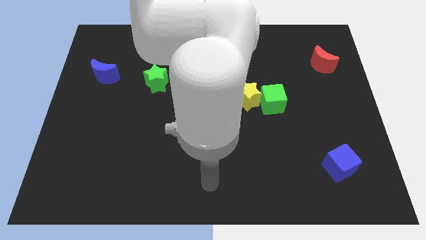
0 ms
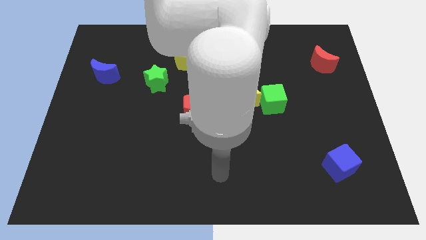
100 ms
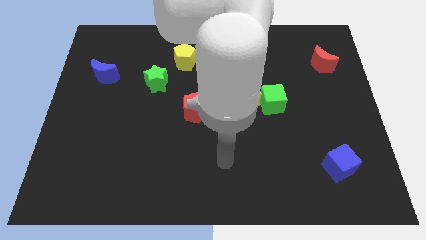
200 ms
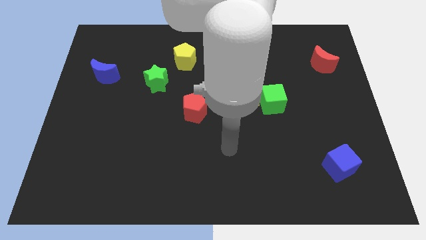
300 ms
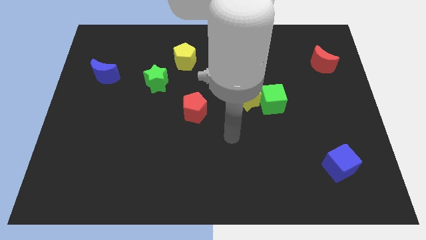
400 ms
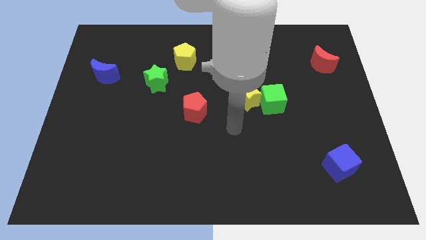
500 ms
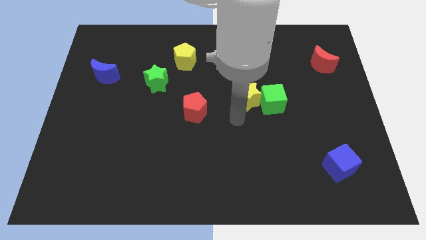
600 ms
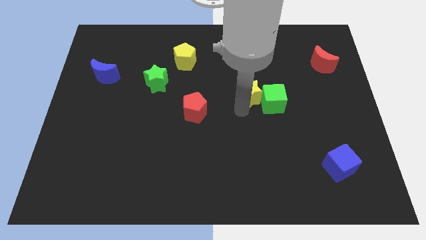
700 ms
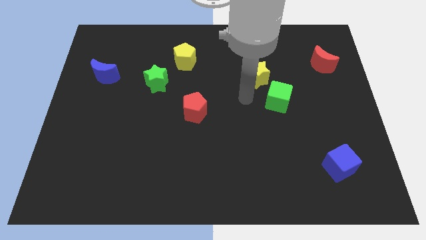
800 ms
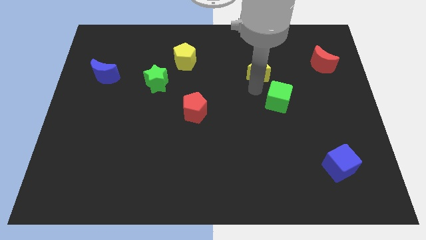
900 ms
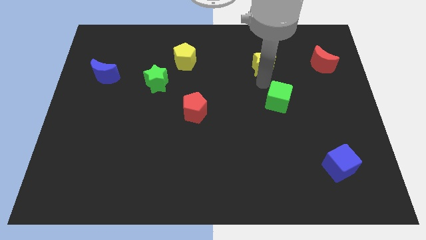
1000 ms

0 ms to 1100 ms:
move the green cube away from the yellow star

***

◆ **Brief**:
Leave out the pictures and repeat the remaining data exactly.

◆ **Solution to this exercise**:
0 ms
100 ms
200 ms
300 ms
400 ms
500 ms
600 ms
700 ms
800 ms
900 ms
1000 ms

0 ms to 1100 ms:
move the green cube away from the yellow star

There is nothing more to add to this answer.